What do you want to do? 

His behavior is creepy/stalkerish.


----------



## terrence4159 (Feb 3, 2013)

i may get beat up here but wow, he takes pictures of feet (yeah creepy) and you make it out like he lit a puppy on fire kicked it while in an orgy with 15 other women.

in my opinion you are so over reacting it is scary. if i found my wife had a bunch leg and feet pictures she took on her computer i would ask her why and if she had that fetish im not going to demonize her for it.


----------



## HunnaGirl (Dec 24, 2014)

I feel like he did something creepy and gross, and on top of it all, lied to me. Trust is very important to me. I think I am just as upset that he lied.


----------



## vms (Dec 17, 2014)

terrence4159 said:


> i may get beat up here but wow, he takes pictures of feet (yeah creepy) and you make it out like he lit a puppy on fire kicked it while in an orgy with 15 other women.
> 
> in my opinion you are so over reacting it is scary. if i found my wife had a bunch leg and feet pictures she took on her computer i would ask her why and if she had that fetish im not going to demonize her for it.

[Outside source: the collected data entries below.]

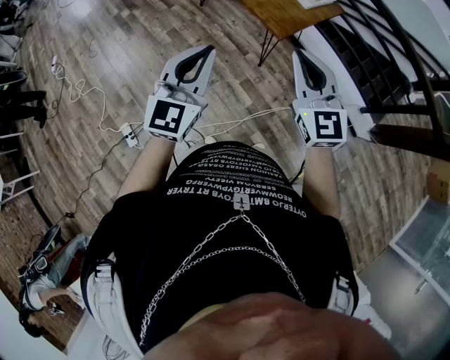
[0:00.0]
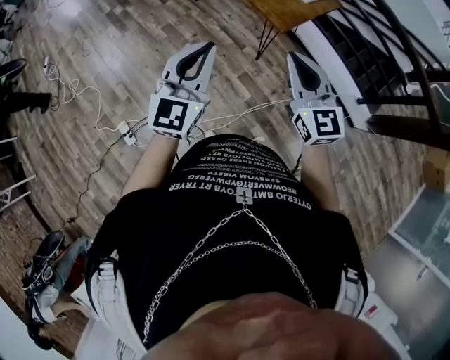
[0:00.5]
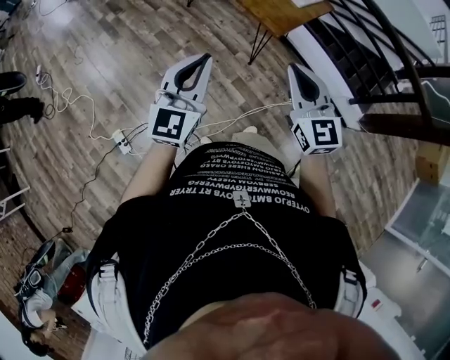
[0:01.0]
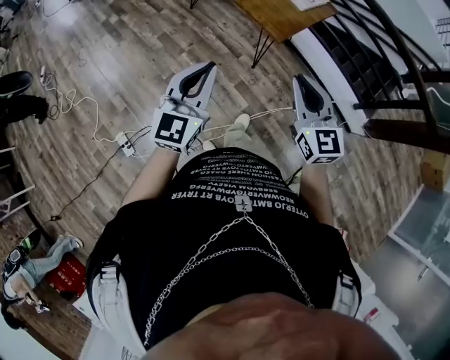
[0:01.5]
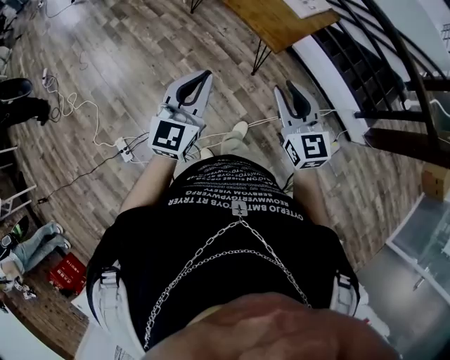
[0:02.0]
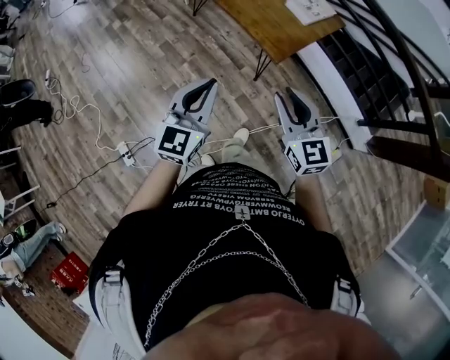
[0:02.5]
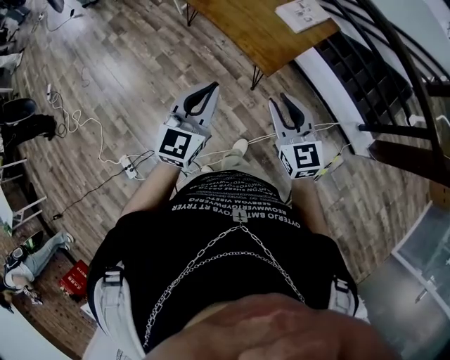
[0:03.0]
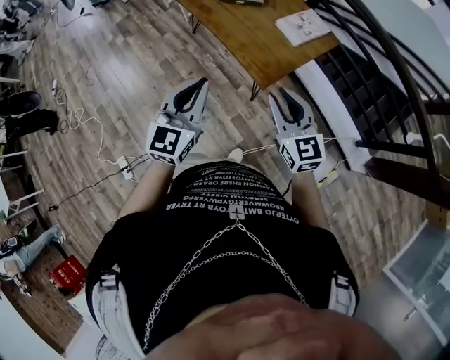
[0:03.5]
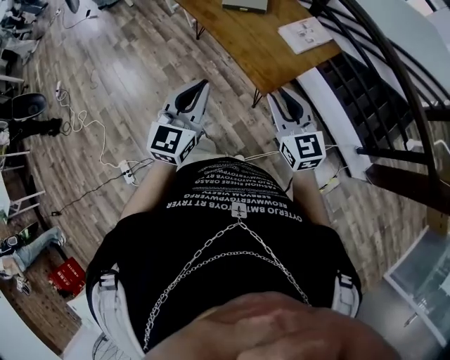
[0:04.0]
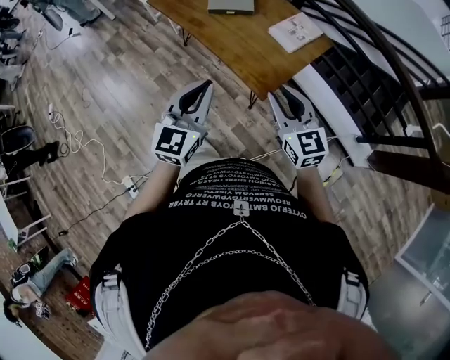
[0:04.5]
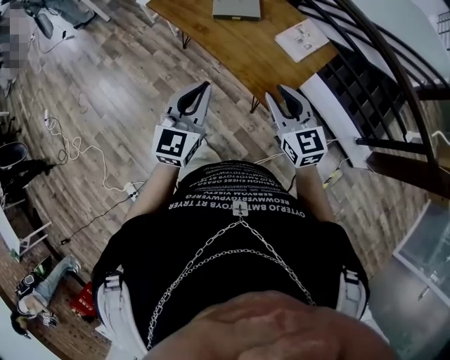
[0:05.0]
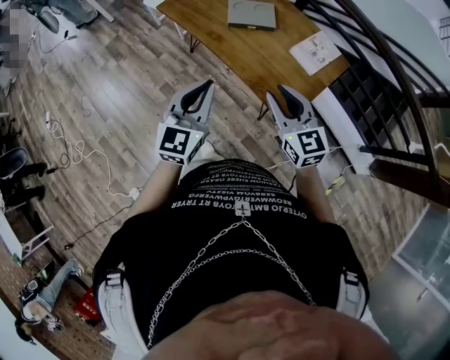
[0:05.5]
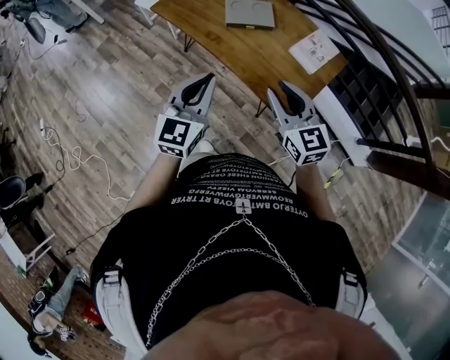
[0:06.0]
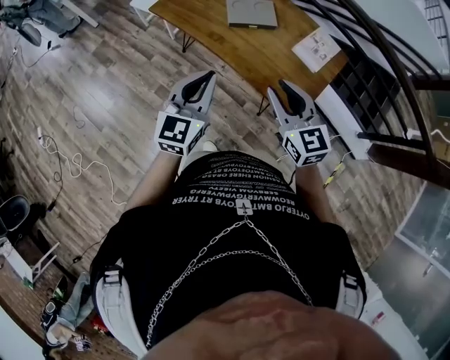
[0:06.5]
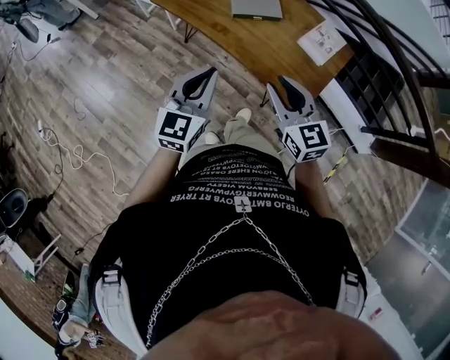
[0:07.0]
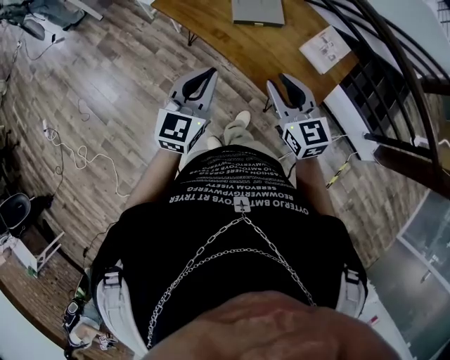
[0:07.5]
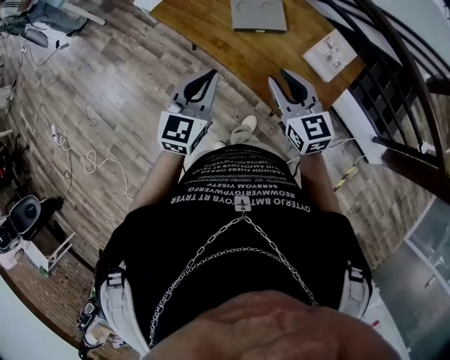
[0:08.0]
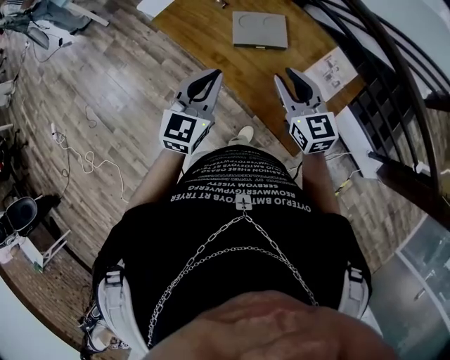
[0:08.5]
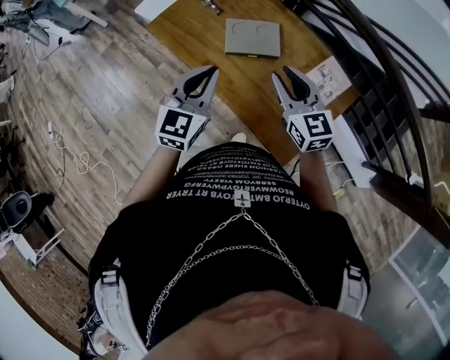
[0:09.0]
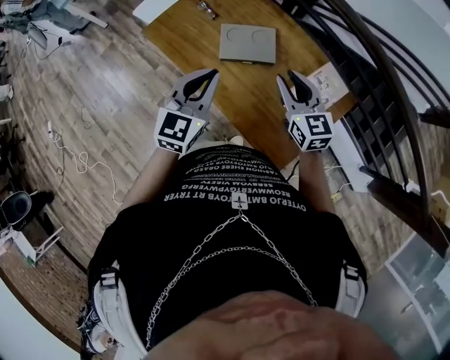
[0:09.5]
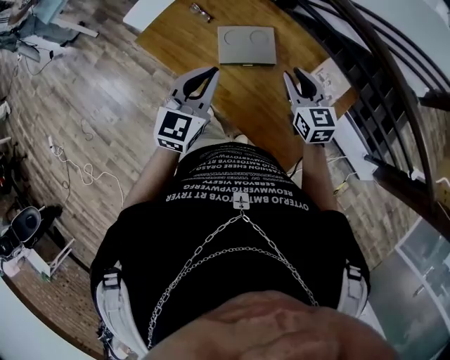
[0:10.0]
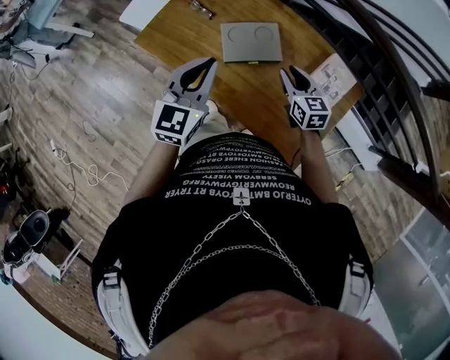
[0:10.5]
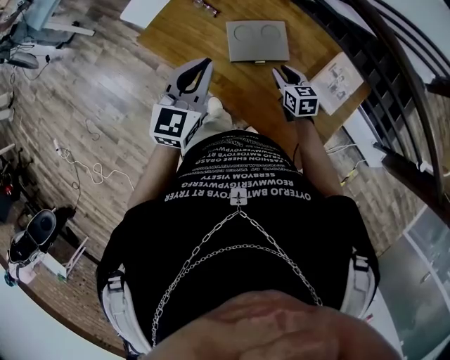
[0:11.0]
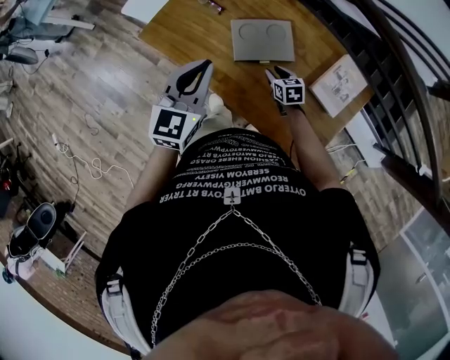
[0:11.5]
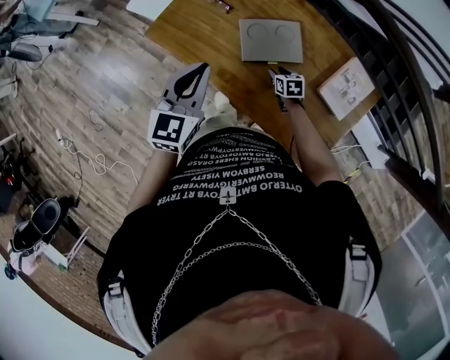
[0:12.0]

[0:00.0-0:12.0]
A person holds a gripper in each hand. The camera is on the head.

The thing with fetishes is that taking photos of feet if that is your fetish is the equivalent of having photos of a nude butt. It's arousing. It's HIS porn, and he's involving unsuspecting women from public spaces in that. 

It's gross, creepy, and disrespectful to every single woman involved. 

OP, you know he had a foot fetish. Do you engage with him in this fetish? Or are your feet off limits?


----------



## FormerSelf (Apr 21, 2013)

The fact that he is clandestinely taking pictures of other woman's feet shows that there is a problem. Sure, he can get away with it because he isn't aiming the camera at the more commonly fantasized bits, he still is still is getting a sexual charge at the unwittingly expense of others. That is very stalker-like.

In this modern day, there is a general acceptance that people watch porn or ogle strangers...but to sneak real-life pics and "use" them later shows a breakdown in self-control. My opinion is that, on a basic level, we ought to work on their self-control so as to direct our sexual attention only toward our spouse...or if it's porn...at least there is some degree of consensus that it is acknowledged and accepted in the marriage. His behavior however is not consensual neither with the subjects nor with you. This is betrayal.

I think before you proceed, it will defined by what you want to do. If this was a dealbreaker, then I don't think any behavior modification should be prescribed...just move on and cut him loose. If you want to understand BEFORE you make a decision, then I suggest counseling and even a trial separation with the intent of withholding a decision until you had time to process everything and to ascertain his intent for reconciliation. 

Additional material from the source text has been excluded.